Mike: Interesting. I’m not a typical author and I’m aware of
that. I meet a lot of people who want to talk to me about being a writer who
essentially they believe that they live to write, they couldn’t be the person
they want to be if they’re not writing, I guess I’m not saying they’re not
telling me the truth, I’m just not like that. I started off as a journalist, I
take ultimately a journalist perspective on this in the sense that I think I
ought to get paid for what I’m doing pretty well, if I’m doing it pretty well.
And one of the reasons I’ve stopped publishing books is that I was essentially
faced with a choice. The time of the last financial crisis all those advances
went to the floor throughout the world, and literally to the point where you
would probably be earning somewhere between 5% and 10% of what you were earning
before.
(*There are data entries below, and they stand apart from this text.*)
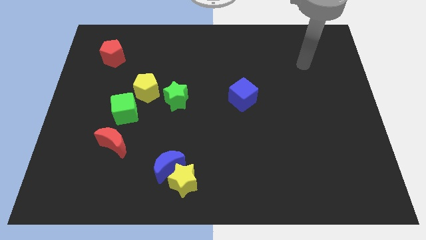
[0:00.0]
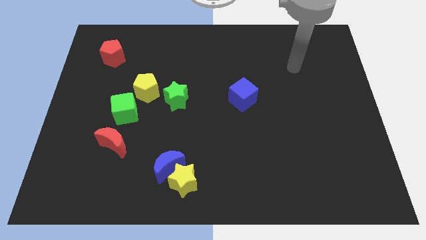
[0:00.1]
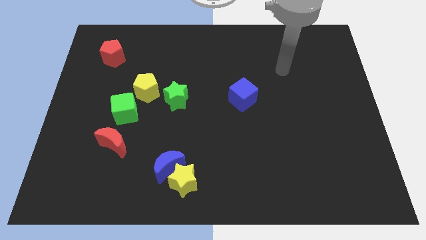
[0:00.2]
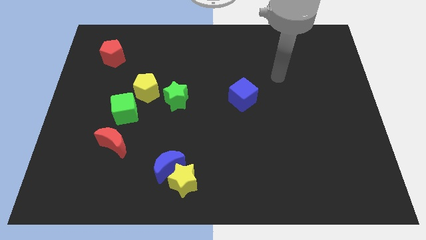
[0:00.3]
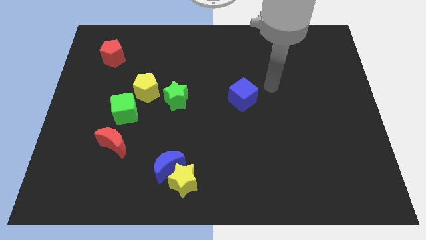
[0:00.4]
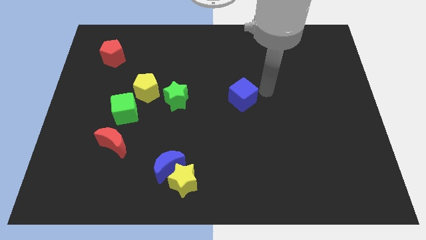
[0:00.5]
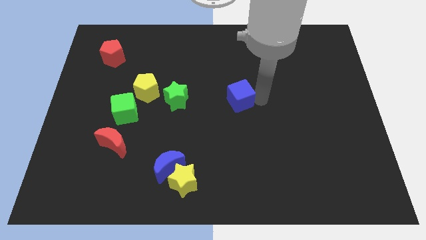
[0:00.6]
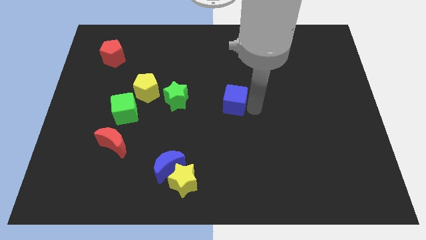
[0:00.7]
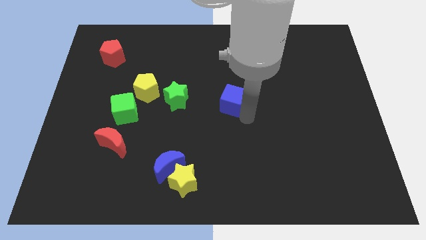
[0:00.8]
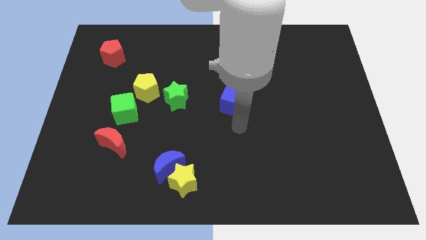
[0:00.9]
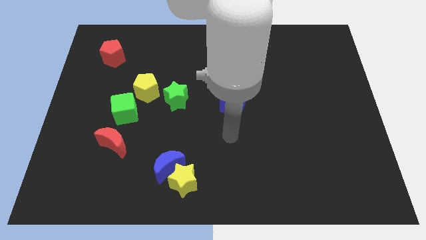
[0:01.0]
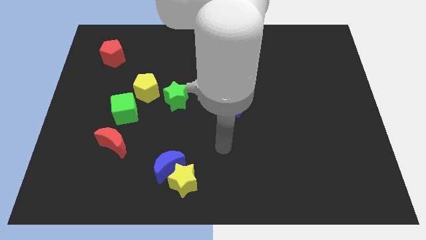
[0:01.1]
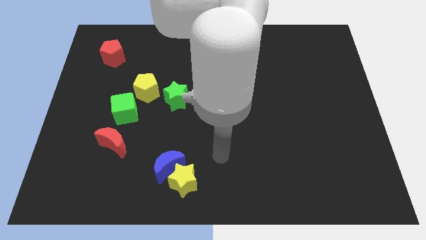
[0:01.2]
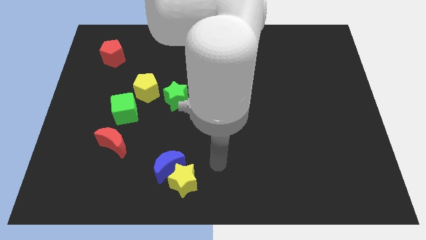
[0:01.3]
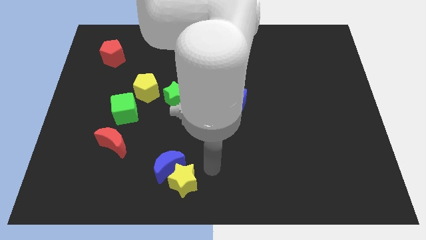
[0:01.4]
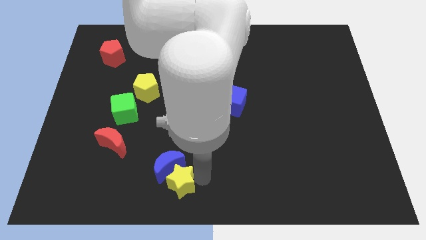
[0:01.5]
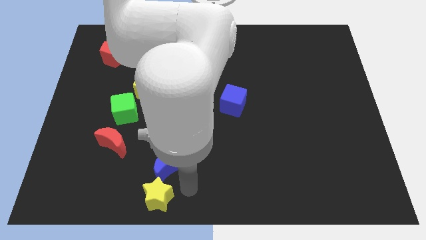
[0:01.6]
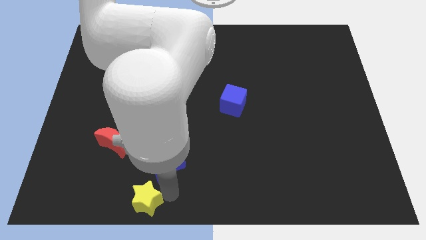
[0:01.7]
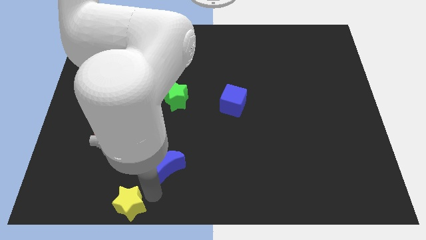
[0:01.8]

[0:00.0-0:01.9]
pull the blue moon apart from the yellow star

So I was faced with a choice of either churning stuff out incredibly
quickly and sloppily to try and maintain my income, or stop writing books, and
I chose to stop writing books because I didn’t want to write terrible books.
Mike: But I also didn’t want to spend two years of my life
writing something that I would have to self-publish or get a … I could
probably find some tiny publishing house and put it out and it would go down a
large well with a small pop at the end and a few hundred people would read it.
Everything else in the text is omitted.